The villages built within the Lepki customary territory include:

- Teiraplu, located along the Dakerto River
- Yuaban, located along the Yua River
- Luban, located along the Lau River
- Aboy, located along the Kelnje/Ngeme River

== Traditional house ==
Lepki's traditional house is called Tinmin and is often referred to in Indonesian as rumah payung ("umbrella house") because of its umbrella-like shaped roof. These houses are typically built using large tree trunks, which are combined to form the building. Tinmin also resembles a stilt house, although it has no walls. According to local beliefs, walls make it difficult to see incoming enemy attacks. The ground floor can be used for livestock, while the umbrella-shaped roof is made from dried sago leaves.

A single Tinmin can accommodate around 30 people, with each family having its own fireplace for about 7 to 12 in total. Women and children sleep at one edge of the house, while men sleep at the other edge. A dancing floor is usually built lower and is flexible and tied with rattan ropes so it can move horizontally.

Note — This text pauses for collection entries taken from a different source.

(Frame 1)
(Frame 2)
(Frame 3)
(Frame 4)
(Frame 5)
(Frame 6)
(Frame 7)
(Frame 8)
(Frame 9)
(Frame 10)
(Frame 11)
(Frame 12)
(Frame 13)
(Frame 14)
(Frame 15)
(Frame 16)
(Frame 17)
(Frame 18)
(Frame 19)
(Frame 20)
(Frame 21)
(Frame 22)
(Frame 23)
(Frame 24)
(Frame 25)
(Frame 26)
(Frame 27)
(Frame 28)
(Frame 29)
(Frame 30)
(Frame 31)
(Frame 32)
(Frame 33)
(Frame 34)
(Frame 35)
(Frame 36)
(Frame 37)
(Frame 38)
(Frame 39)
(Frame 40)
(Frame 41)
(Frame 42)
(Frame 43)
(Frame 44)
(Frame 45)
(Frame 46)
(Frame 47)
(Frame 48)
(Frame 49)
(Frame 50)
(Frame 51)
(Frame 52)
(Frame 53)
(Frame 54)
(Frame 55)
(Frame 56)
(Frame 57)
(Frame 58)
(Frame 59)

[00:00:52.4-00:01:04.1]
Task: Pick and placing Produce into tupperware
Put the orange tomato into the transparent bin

In addition to Tinmin, the Lepki people also build two other types of houses:

1. Yumin house. A house that is similar to Tinmin but smaller and without an umbrella-like roof.
2. Ketengban-style house. It resembles honai houses, especially in village areas.

== Traditional clothes ==
The traditional attire of Lepki men consists of a small ball-shaped genital cover, not a koteka. This is called nega and is made from small fruits that are drilled and then dried in hot ash. The nega is not tied but simply placed on top of the penis. Today, although most Lepki men wear pants, some still wear nega underneath their pants. The traditional attire for Lepki women consists of grass or reed skirts called net. They grow their reeds, which are then cut and tied in layers onto a string.

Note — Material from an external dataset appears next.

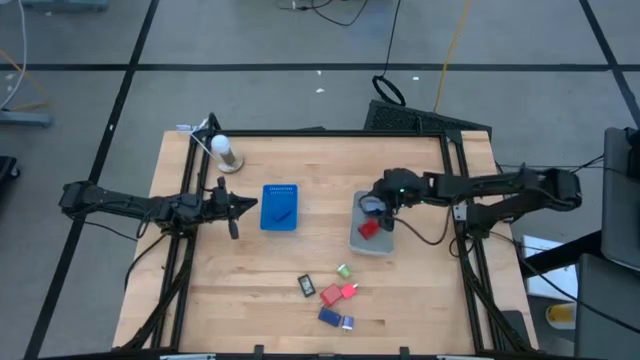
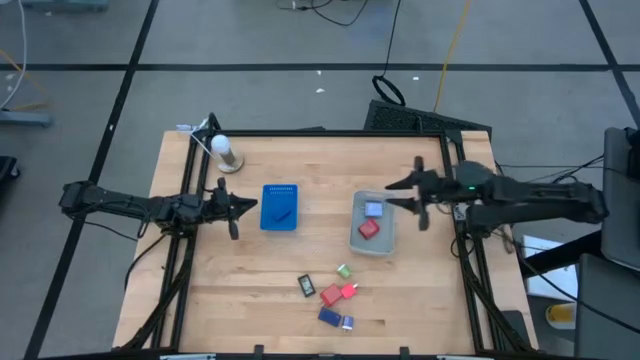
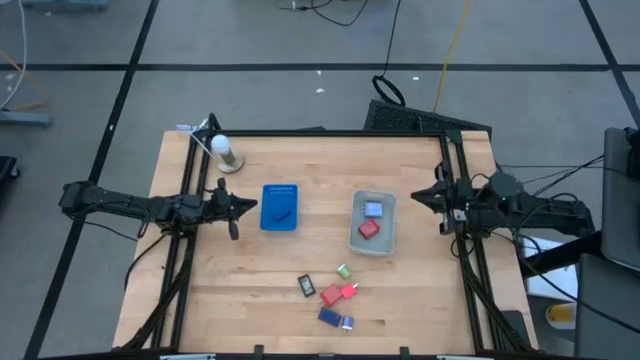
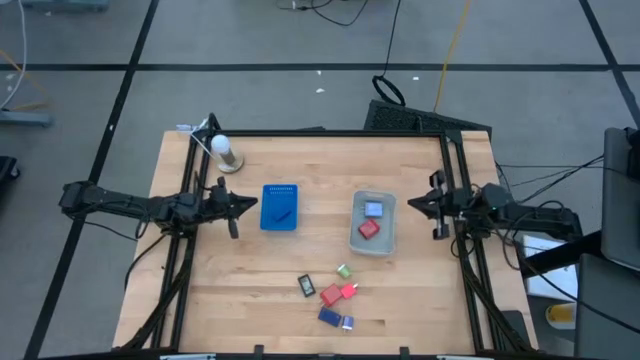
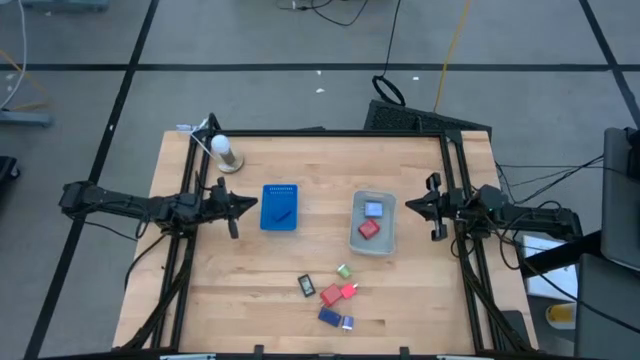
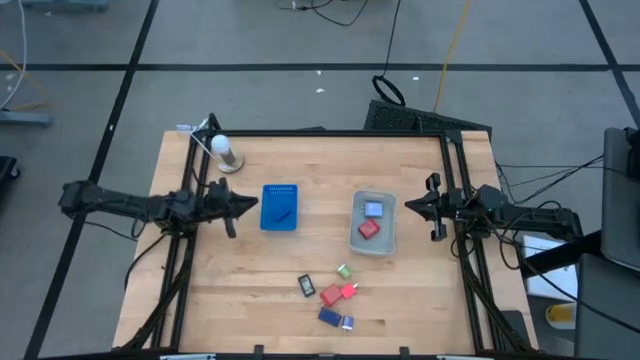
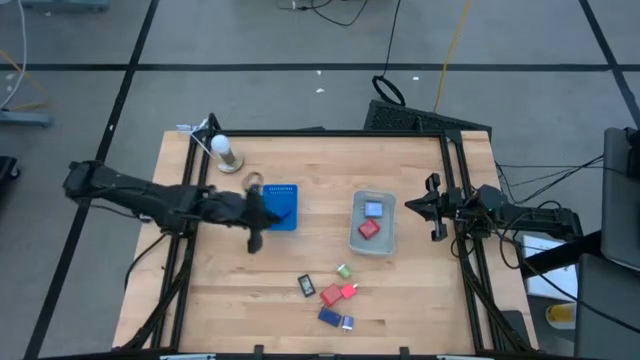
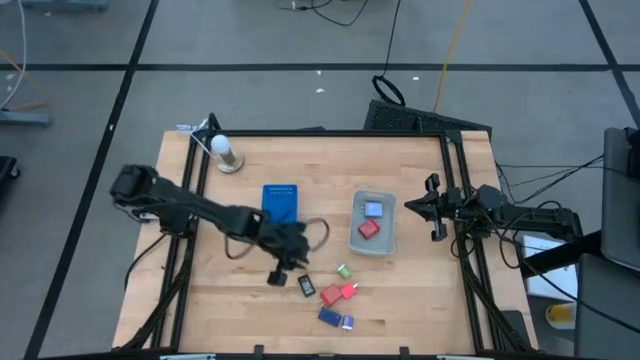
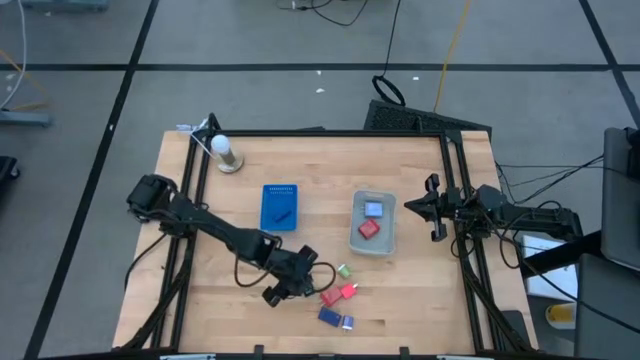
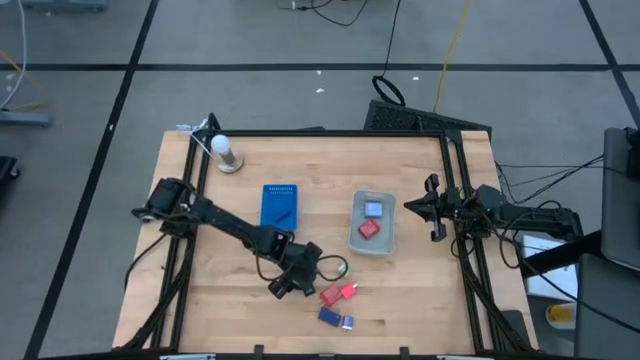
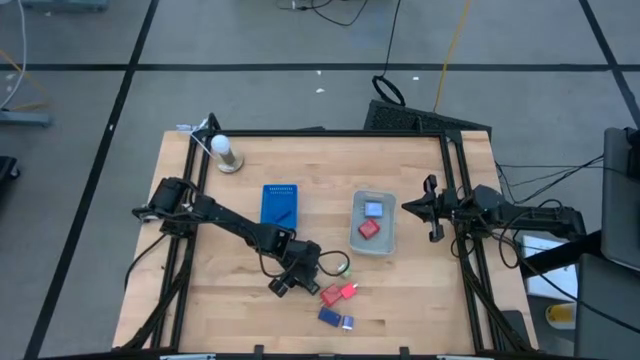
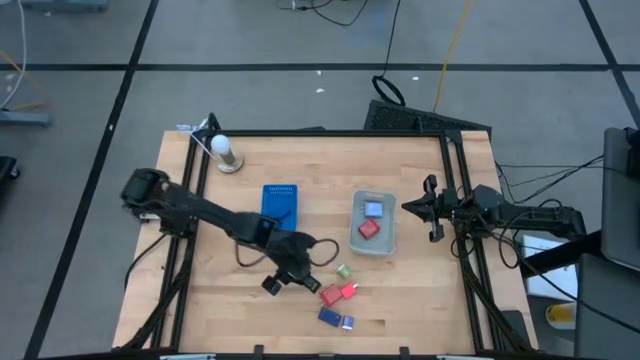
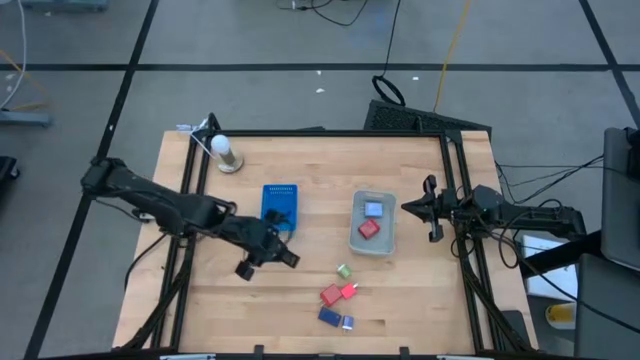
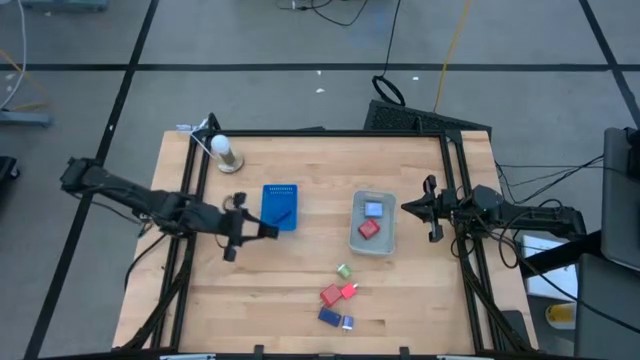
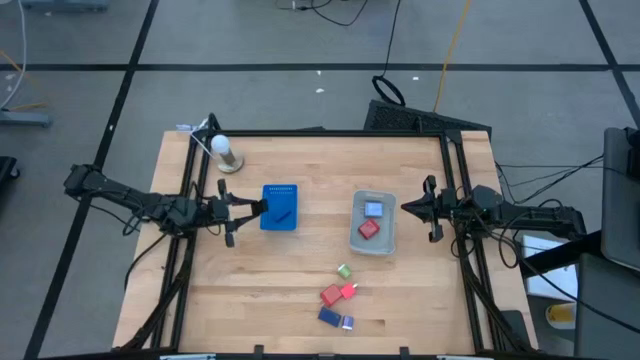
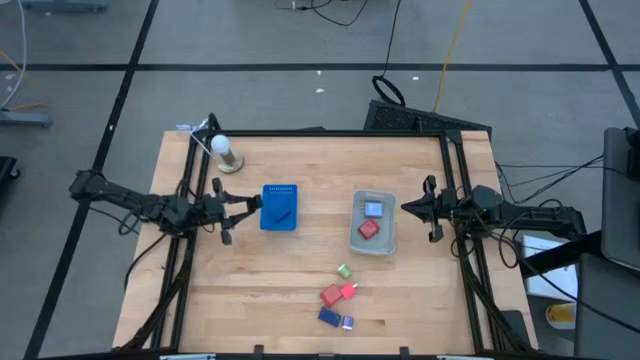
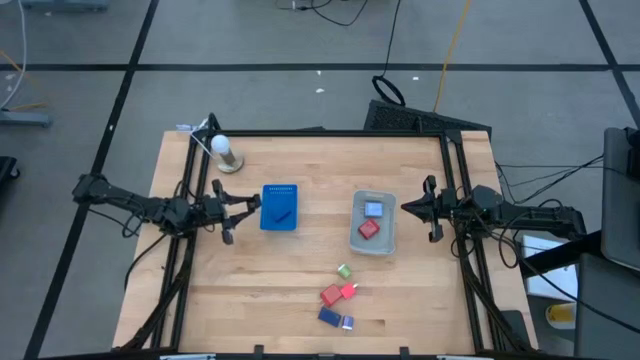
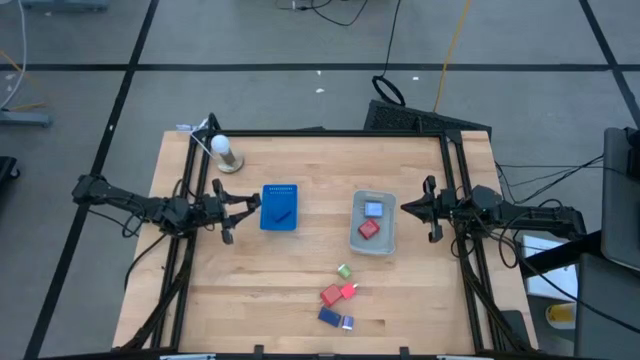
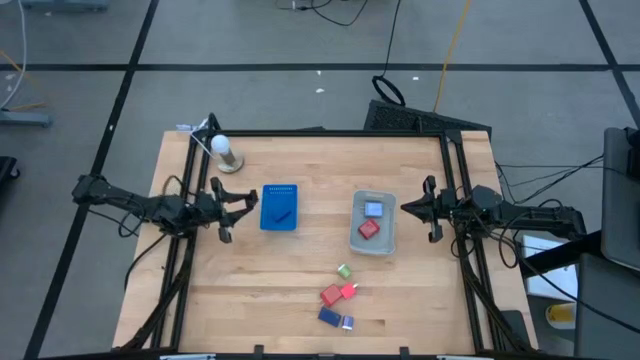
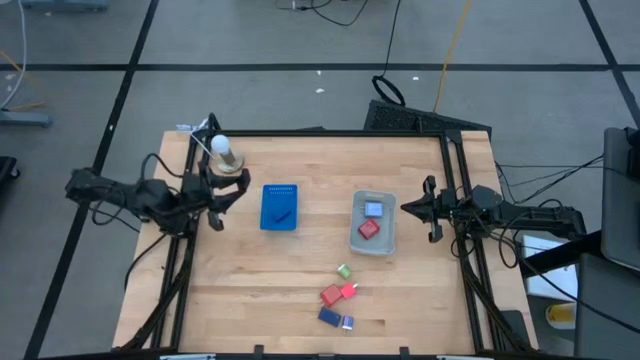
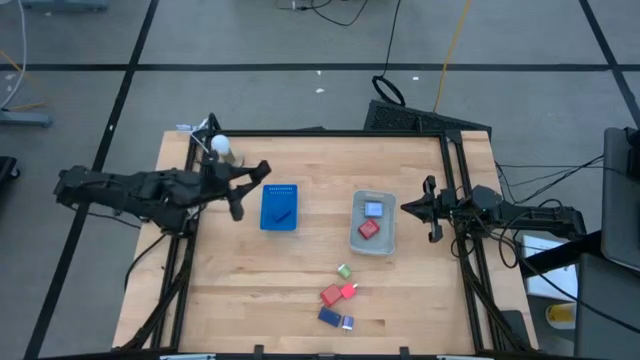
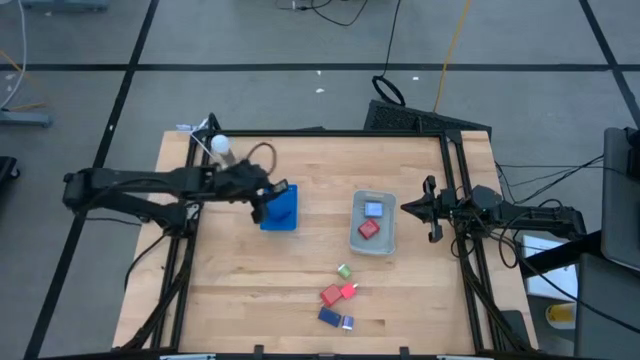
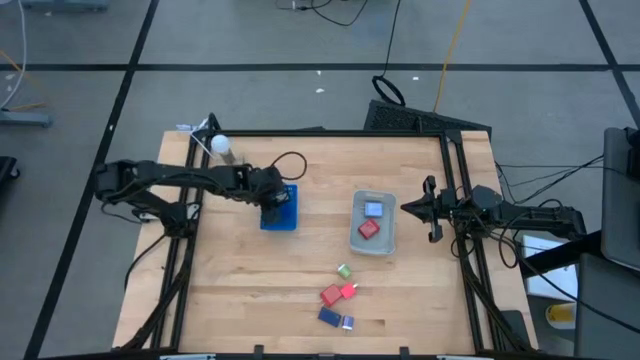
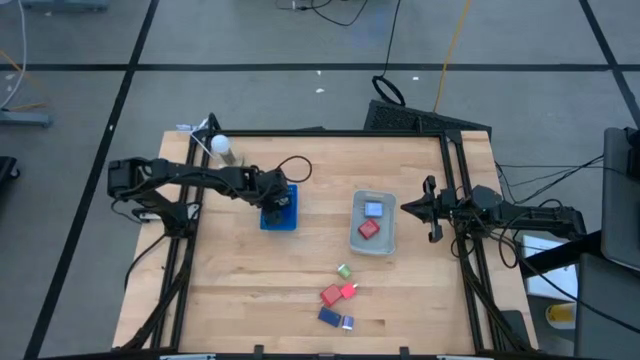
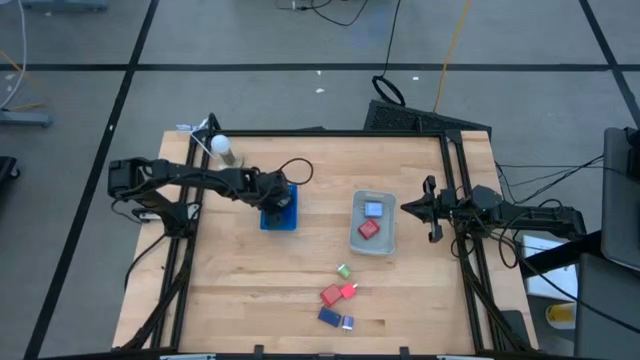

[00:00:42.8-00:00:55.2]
Task: Pick & Place Office items
Put the black digital clock into the blue bin

Other accessories include body paint in colors such as yellow, black, gray, and white from earth, as well as red from earth and tree bark. Body piercings on the ears and nose are made from animal bones, especially wild boar tusks, which are worn on the nose during war. Additionally, they wear necklaces made of shell rings called kipfan in Lepki or telaga in Yetfa. The Lepki people have also begun tattooing their bodies, a new tradition originating from the east, usually done with needles and battery contents.